Saved entries
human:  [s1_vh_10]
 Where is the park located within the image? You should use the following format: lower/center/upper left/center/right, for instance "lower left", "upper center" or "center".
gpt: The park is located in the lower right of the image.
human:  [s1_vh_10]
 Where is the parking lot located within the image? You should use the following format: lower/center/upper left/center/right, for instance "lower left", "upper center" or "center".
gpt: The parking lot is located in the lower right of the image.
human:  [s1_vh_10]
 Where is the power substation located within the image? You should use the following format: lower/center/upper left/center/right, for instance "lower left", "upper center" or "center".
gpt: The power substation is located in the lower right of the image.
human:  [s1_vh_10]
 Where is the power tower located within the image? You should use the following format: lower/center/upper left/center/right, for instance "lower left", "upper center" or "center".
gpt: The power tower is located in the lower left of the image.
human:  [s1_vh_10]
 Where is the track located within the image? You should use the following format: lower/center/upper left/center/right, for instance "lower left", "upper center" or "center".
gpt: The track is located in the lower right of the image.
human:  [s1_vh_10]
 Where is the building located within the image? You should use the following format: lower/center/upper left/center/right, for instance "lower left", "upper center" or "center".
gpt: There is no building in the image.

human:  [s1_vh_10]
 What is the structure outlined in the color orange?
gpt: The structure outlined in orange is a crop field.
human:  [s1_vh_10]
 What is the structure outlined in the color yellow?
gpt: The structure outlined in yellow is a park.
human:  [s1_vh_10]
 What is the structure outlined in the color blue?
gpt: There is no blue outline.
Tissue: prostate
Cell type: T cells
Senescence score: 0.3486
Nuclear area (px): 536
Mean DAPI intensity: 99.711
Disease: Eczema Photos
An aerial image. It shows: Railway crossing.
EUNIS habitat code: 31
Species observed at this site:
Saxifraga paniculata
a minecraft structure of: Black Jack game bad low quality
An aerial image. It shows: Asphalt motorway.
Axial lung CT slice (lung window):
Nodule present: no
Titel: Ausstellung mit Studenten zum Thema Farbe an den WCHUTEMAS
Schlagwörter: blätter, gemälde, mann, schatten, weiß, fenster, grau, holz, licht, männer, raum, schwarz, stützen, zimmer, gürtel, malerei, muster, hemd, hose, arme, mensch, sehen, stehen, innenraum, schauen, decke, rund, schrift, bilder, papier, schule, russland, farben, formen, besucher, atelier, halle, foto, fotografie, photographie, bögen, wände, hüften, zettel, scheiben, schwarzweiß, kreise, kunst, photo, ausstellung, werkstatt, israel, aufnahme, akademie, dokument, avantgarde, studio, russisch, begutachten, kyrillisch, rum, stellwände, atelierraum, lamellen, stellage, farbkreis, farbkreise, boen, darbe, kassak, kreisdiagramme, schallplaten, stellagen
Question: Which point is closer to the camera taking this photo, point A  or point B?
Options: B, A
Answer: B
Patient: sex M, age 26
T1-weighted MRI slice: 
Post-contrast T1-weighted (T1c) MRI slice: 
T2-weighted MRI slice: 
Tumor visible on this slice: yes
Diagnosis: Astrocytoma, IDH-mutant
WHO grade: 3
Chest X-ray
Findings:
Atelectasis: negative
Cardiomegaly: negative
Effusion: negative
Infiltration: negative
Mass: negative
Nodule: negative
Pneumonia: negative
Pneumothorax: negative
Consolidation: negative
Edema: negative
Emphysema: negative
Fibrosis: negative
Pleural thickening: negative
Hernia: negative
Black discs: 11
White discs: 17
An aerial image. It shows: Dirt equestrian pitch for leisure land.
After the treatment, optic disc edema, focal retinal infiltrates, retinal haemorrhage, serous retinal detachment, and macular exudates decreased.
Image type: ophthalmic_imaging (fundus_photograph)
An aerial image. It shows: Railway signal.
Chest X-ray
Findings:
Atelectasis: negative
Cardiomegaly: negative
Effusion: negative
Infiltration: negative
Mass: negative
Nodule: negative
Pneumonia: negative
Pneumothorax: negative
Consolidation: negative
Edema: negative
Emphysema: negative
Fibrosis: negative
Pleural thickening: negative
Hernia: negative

### DIRECTIONS FOR THIS TASK
An exact copy of the data, with every line intact, is the required answer.

### EXERCISE RESPONSE
human:  [s1_vh_10]
 Where is the park located within the image? You should use the following format: lower/center/upper left/center/right, for instance "lower left", "upper center" or "center".
gpt: The park is located in the lower right of the image.
human:  [s1_vh_10]
 Where is the parking lot located within the image? You should use the following format: lower/center/upper left/center/right, for instance "lower left", "upper center" or "center".
gpt: The parking lot is located in the lower right of the image.
human:  [s1_vh_10]
 Where is the power substation located within the image? You should use the following format: lower/center/upper left/center/right, for instance "lower left", "upper center" or "center".
gpt: The power substation is located in the lower right of the image.
human:  [s1_vh_10]
 Where is the power tower located within the image? You should use the following format: lower/center/upper left/center/right, for instance "lower left", "upper center" or "center".
gpt: The power tower is located in the lower left of the image.
human:  [s1_vh_10]
 Where is the track located within the image? You should use the following format: lower/center/upper left/center/right, for instance "lower left", "upper center" or "center".
gpt: The track is located in the lower right of the image.
human:  [s1_vh_10]
 Where is the building located within the image? You should use the following format: lower/center/upper left/center/right, for instance "lower left", "upper center" or "center".
gpt: There is no building in the image.

human:  [s1_vh_10]
 What is the structure outlined in the color orange?
gpt: The structure outlined in orange is a crop field.
human:  [s1_vh_10]
 What is the structure outlined in the color yellow?
gpt: The structure outlined in yellow is a park.
human:  [s1_vh_10]
 What is the structure outlined in the color blue?
gpt: There is no blue outline.
Tissue: prostate
Cell type: T cells
Senescence score: 0.3486
Nuclear area (px): 536
Mean DAPI intensity: 99.711
Disease: Eczema Photos
An aerial image. It shows: Railway crossing.
EUNIS habitat code: 31
Species observed at this site:
Saxifraga paniculata
a minecraft structure of: Black Jack game bad low quality
An aerial image. It shows: Asphalt motorway.
Axial lung CT slice (lung window):
Nodule present: no
Titel: Ausstellung mit Studenten zum Thema Farbe an den WCHUTEMAS
Schlagwörter: blätter, gemälde, mann, schatten, weiß, fenster, grau, holz, licht, männer, raum, schwarz, stützen, zimmer, gürtel, malerei, muster, hemd, hose, arme, mensch, sehen, stehen, innenraum, schauen, decke, rund, schrift, bilder, papier, schule, russland, farben, formen, besucher, atelier, halle, foto, fotografie, photographie, bögen, wände, hüften, zettel, scheiben, schwarzweiß, kreise, kunst, photo, ausstellung, werkstatt, israel, aufnahme, akademie, dokument, avantgarde, studio, russisch, begutachten, kyrillisch, rum, stellwände, atelierraum, lamellen, stellage, farbkreis, farbkreise, boen, darbe, kassak, kreisdiagramme, schallplaten, stellagen
Question: Which point is closer to the camera taking this photo, point A  or point B?
Options: B, A
Answer: B
Patient: sex M, age 26
T1-weighted MRI slice: 
Post-contrast T1-weighted (T1c) MRI slice: 
T2-weighted MRI slice: 
Tumor visible on this slice: yes
Diagnosis: Astrocytoma, IDH-mutant
WHO grade: 3
Chest X-ray
Findings:
Atelectasis: negative
Cardiomegaly: negative
Effusion: negative
Infiltration: negative
Mass: negative
Nodule: negative
Pneumonia: negative
Pneumothorax: negative
Consolidation: negative
Edema: negative
Emphysema: negative
Fibrosis: negative
Pleural thickening: negative
Hernia: negative
Black discs: 11
White discs: 17
An aerial image. It shows: Dirt equestrian pitch for leisure land.
After the treatment, optic disc edema, focal retinal infiltrates, retinal haemorrhage, serous retinal detachment, and macular exudates decreased.
Image type: ophthalmic_imaging (fundus_photograph)
An aerial image. It shows: Railway signal.
Chest X-ray
Findings:
Atelectasis: negative
Cardiomegaly: negative
Effusion: negative
Infiltration: negative
Mass: negative
Nodule: negative
Pneumonia: negative
Pneumothorax: negative
Consolidation: negative
Edema: negative
Emphysema: negative
Fibrosis: negative
Pleural thickening: negative
Hernia: negative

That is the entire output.